Una obra humana convertida en ruinas, en fantasma de lo que fue, posee más historia, más belleza y más poesía que una anacrónica reconstrucción.

Banderas al viento

Las fachadas de los edificios se adornan estos días con los colores rojo y gualda de las banderas nacionales colgadas de balcones y banderas. ¿La razón? Juega la selección de fútbol. Y esta es prácticamente la única ocasión en que los españoles nos vemos motivados para mostrar públicamente nuestro patriotismo. ¿Patriotismo? ¿patria? ¿el patriotismo es una bandera colgada del balcón? Se me ocurre preguntar detrás de cuantas de esas ventanas, se sientan orgullosos ante el televisor patriotas ejemplares, de esos que aparcan en doble fila, que cobran en dinero negro, que no recogen la mierda de sus perros, que no paran en los pasos de cebra, que tiran la colilla al suelo, que desprecian a los que no son como ellos…

Los barcos y la honra

¿Por qué la “radical”, “antisistema” (como la califican los medios) CUP opta por apoyar a un candidato de centro-derecha, de un partido marcado a fuego por la corrupción? ¿por qué no dar un paso más empujando hacia la caída de ese sistema que denuestan? ¿por qué meterse voluntariamente en una trampa tan típica de la derecha? ¿por qué prefieren lo abstracto a lo concreto? ¿por qué prefieren patria, nación o identidad a trabajo, vivienda o educación pública?

El Partido Republicano en Estados Unidos lleva decenios usando esa estrategia con éxito: más patria o más religión significan también menos derechos laborales o más diferencias sociales.

¿Por qué la CUP prefiere honra a barcos?

Pelotas

El presidente del Barcelona solicita, que los asuntos judiciales que tienen pendientes sobre unos contratos no demasiado claros, sean tratados por “los suyos”.
Un grupo de dirigentes futbolísticos solicita el indulto para un colega condenado por malversación de fondos públicos.
Las deudas de los clubes de fútbol con las administraciones públicas deberían hacer que a alguien se le cayese la cara de vergüenza.
¿Por qué esta gente está por encima de la ley? ¿Por qué el fútbol cree ser superior a cualquier otra institución?
La respuesta quizá esté en todo este tiempo de políticos en los palcos, de subvenciones encubiertas o no, de recalificaciones, de fotos en balcones rodeados de futbolistas, de años de connivencia obscena, grosera y, seguramente, culpable.

Aprender y desaprender

Hablando de educación, métodos, estilos, escuelas.
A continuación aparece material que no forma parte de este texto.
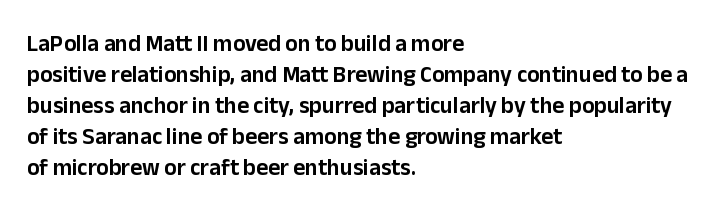
The image shows 23 px text type, upright; set left-aligned, normal line spacing (1.35x), normal letter spacing, not underlined.

– En Alemania tienen bastante implantación, pero hay cosas que suenan extraño.
– ¿Cómo cuales?
– Por ejemplo, los martes no se pueden hacer tutorías porque es el día de Marte, dios de la guerra, es un día de conflictos, no de acuerdos.
Me quedé horrorizado.
En España, en cambio, en la escuela pública se enseña una historia de una mujer virgen que tuvo un hijo, que fue asesinado, resucitó y levitó hacia las nubes, para unirse con su padre y una paloma o algo así.

EL dedo y la luna

Todos mirando, como hipnotizados, el dedo que señala la luna, discutiendo sobre la forma, tamaño, textura, color del dedo, mientras el satélite permanece lejano, invisible, indiferente.
El anuncio de la pregunta del improbable referéndum en Cataluña, el debate, el choque de trenes entre nacionalismos, esas cabezas que en lugar de pensar, envisten. El dedo.
La degeneración de la democracia, la pérdida de legitimidad, la corrupción económica y moral, el robo de derechos, la miseria, la revelación a cara descubierta de que el poder ya no es del pueblo, si es que una vez lo fue, de que el poder lo detentan cuatro personajes sin cara, sin nombre, sin escrúpulos, lejanos y envueltos en oro. La luna.

Sobre el perdón

El concepto de perdón que inventó el cristianismo es un medicamento de amplio espectro, sirve para casi todo, nada que ver con el exigente concepto oriental del karma, donde una mala acción sólo se compensa en cierto modo, con buenas acciones. El perdón cristiano es más cómodo, arrepentimiento, perdón y la culpa queda lavada como en esos eternos anuncios de detergente.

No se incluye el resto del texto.